10. To maximize your defenses against unemployment compensation claims, see if there are grounds for claiming “willful misconduct” by the employee.
11. Be consistent regarding your discharge reasons: at time of discharge, on letter of discharge, on the unemployment compensation “pink slip” form, at the unemployment compensation hearing, on the employee’s reference letter, what you tell the remaining employees, etc.
12. If the termination is due to a voluntary resignation, seek a resignation letter which states the employee’s reasons for resigning; draft a resignation letter for the employee to sign.
13. If the termination is involuntary, consider offering severance pay in exchange for a “release of liability” agreement.
Another option to consider is to have key employees sign employment agreements and include non-compete agreements along with other restrictive covenants.
14. Ask for a written release from your employee before giving any references to a possible future employer of the terminated employee. Have a written policy about this in your employee handbook.
15. Use a progressive discipline policy and be sure that it is applied to each employee in generally the same manner to avoid claims of discrimination. There may be instances where the employment circumstances would justify different treatment of your employees.
1 Notes
RESTRICTIVE COVENANTS
by Stephen P. Horner, Esq.
Question:
One of our former employees has downloaded our entire computer file and taken it with him just after we terminated him.
He also is calling our potential clients and is “bad-mouthing” us to them.
Lastly, he is starting to work for our biggest competitor although he agreed not to work for a competitor for two years after he stopped working for us.
What can we do about this??
Peter P, Madison, CT
Response:
Presumably, your company did not offer your former employee a “separation agreement” which provided him/her with some severance pay in exchange for a full release of liability, non-disparagement, confidentiality provision, etc. For future discharges, I suggest that your company consider doing that so that the parting is more amicable. It appears that your former employee is trying to do as much harm as possible due to his having been terminated.

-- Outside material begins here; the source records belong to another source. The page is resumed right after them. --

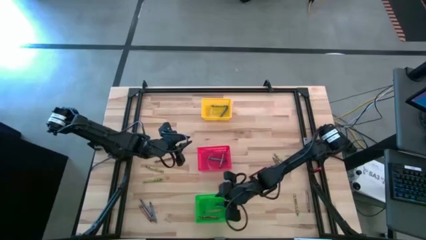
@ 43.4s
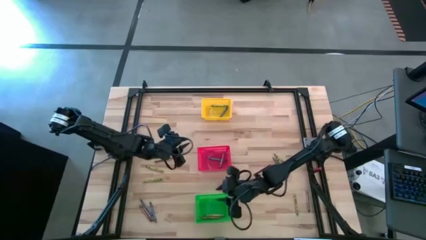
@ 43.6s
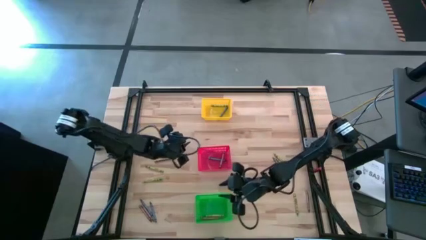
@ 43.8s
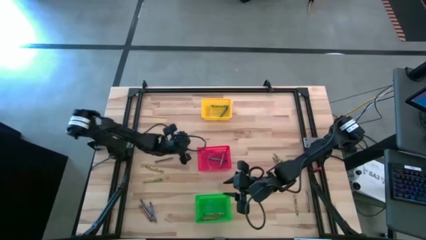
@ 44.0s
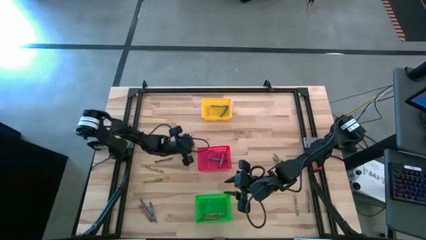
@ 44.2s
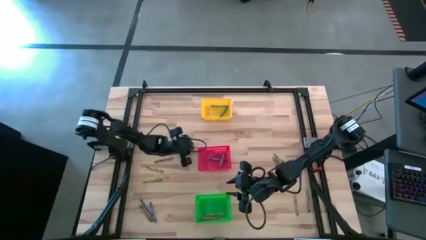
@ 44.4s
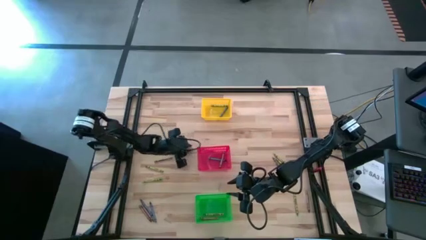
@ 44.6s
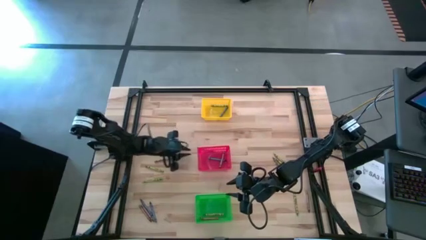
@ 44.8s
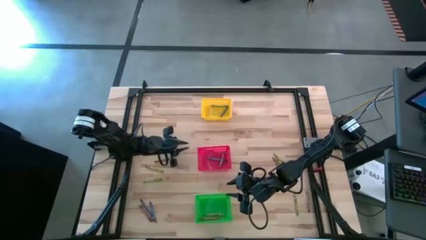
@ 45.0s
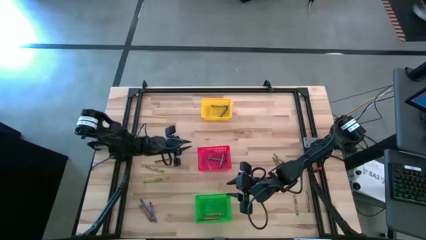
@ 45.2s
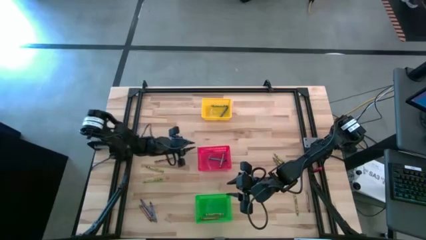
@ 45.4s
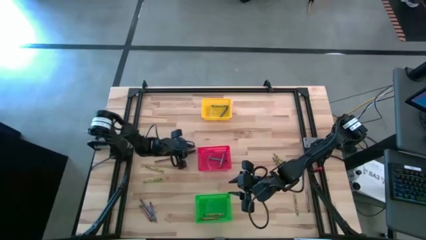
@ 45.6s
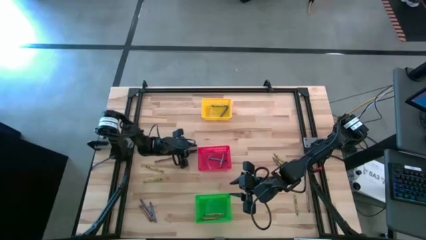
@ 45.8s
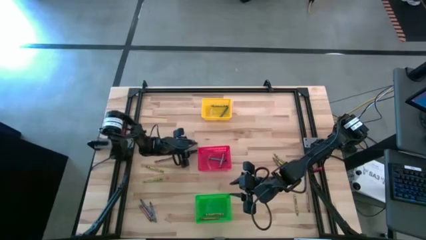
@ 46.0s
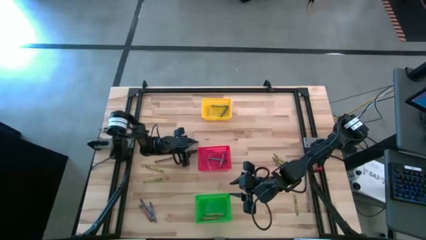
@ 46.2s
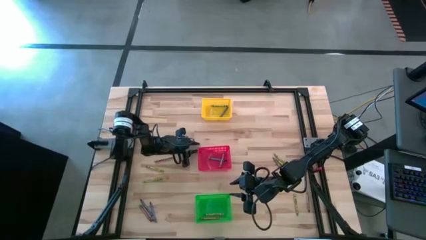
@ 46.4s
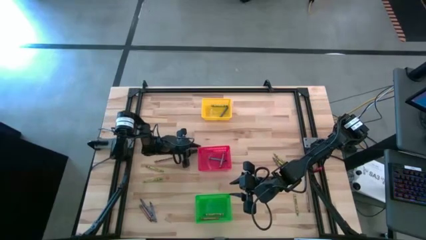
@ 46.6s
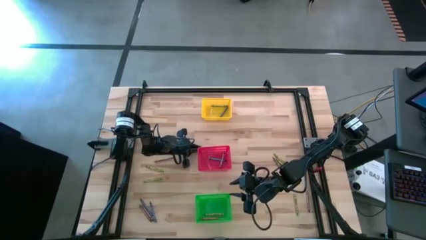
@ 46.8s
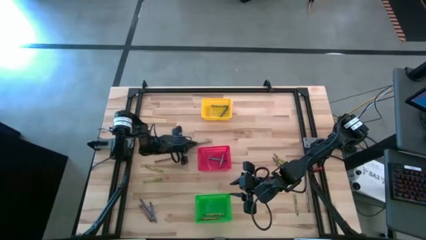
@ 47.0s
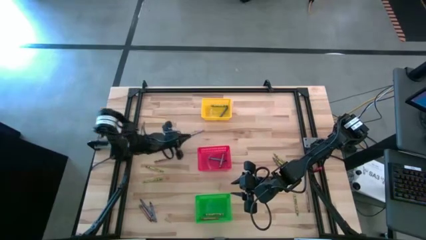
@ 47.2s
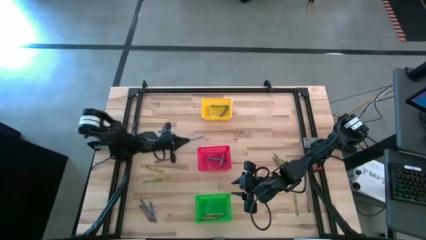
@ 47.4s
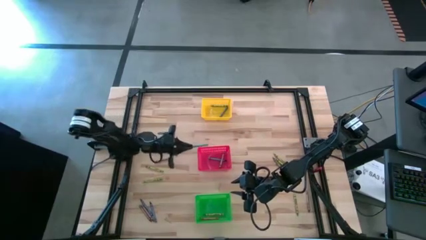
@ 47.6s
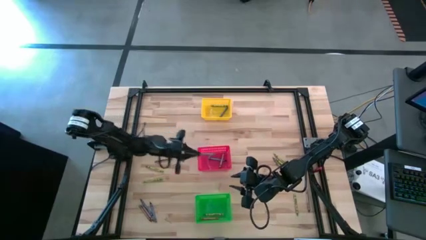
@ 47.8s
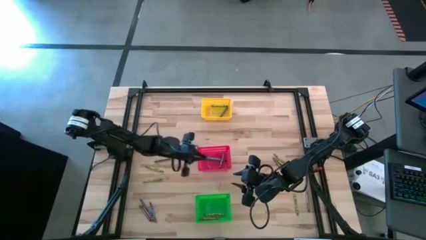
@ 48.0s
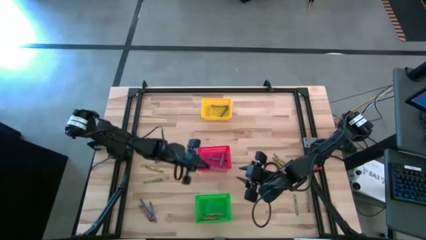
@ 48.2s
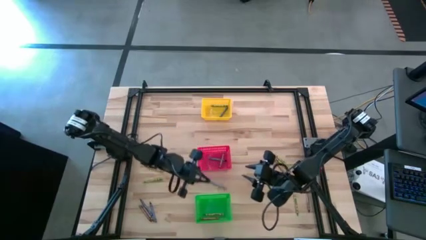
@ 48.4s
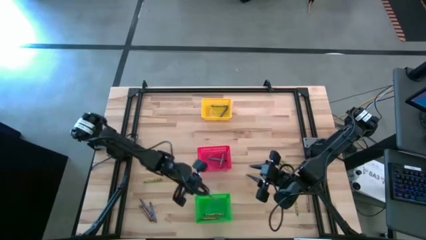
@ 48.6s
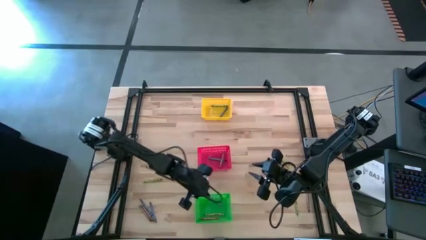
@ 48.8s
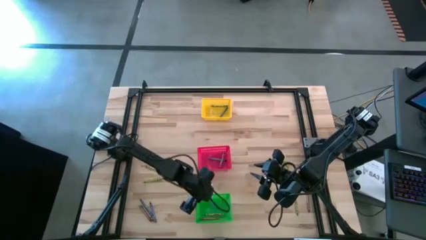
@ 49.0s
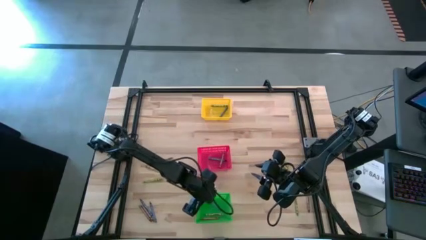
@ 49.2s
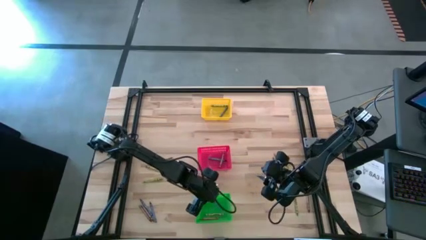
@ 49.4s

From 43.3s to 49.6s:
Task: Sort crayons
Put the blue crayon into the green bin

If the former employee did sign a separation agreement and he has violated its provisions by taking the above-described actions, you could file suit against him for having breached the agreement. A less aggressive step would be to have your attorney contact him with regard to his being sued if he doesn’t promptly cease and desist such actions.
With regard to his actions, it certainly appears that he has improperly stolen your computer information. If such information contained proprietary, confidential company information, such theft from a computer is a criminal violation in Connecticut.
In addition, such actions are most likely a violation of the Trade Secret Act.
If his “badmouthing” of the company to its clients is defamatory, that would likewise be a tort in Connecticut. In order to fully answer this question, what exactly was said to the company’s clients must be reviewed.
It would appear from your background information about the former employee that he either signed a non-compete agreement earlier in his employment or there was a non-compete provision in a severance agreement. In either event, if it prohibited him from competing with your company, then he has violated that agreement as well. It should be noted, however, that the courts in Connecticut (as well as in New York) are most reluctant to enforce non-compete agreements unless they are eminently reasonable and do not significantly impact on “freedom of enterprise”.